> Assigned task: Determine the number of lines in the data below that contain the string "positive", and respond with that number alone.

(Excerpts from a dataset)

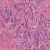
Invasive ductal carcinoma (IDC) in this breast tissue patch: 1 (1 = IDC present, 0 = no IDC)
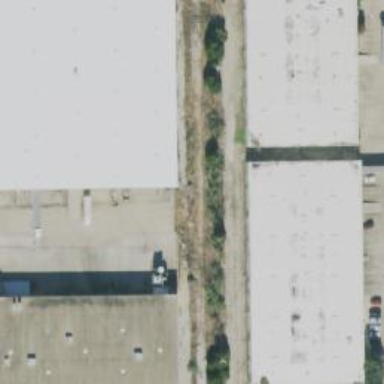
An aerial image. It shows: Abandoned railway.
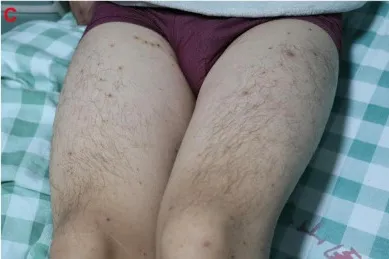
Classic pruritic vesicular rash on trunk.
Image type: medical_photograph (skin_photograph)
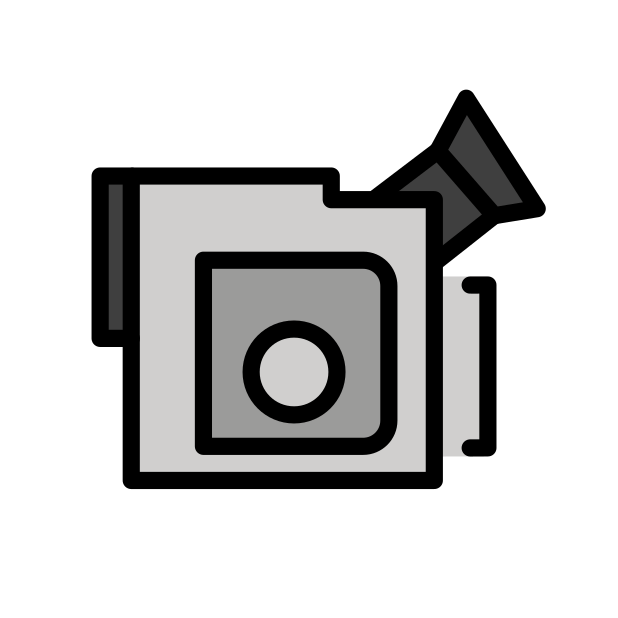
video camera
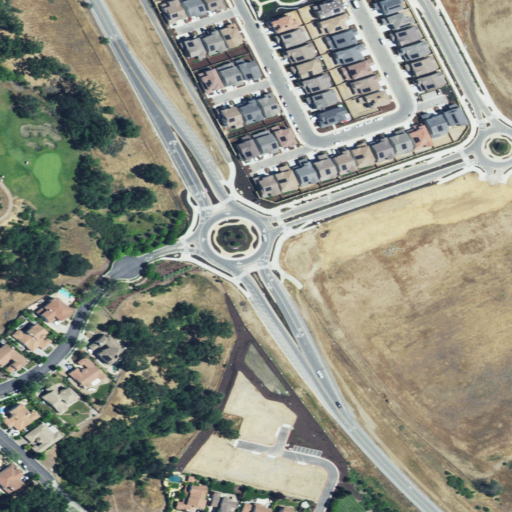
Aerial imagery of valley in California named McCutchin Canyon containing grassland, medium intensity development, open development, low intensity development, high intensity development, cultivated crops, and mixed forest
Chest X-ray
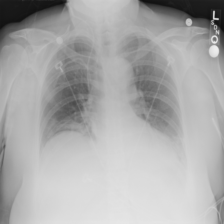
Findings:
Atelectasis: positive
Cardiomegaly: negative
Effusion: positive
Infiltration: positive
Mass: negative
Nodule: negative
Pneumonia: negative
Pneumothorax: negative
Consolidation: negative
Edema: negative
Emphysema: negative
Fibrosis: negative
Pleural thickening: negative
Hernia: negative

> Solution below: 3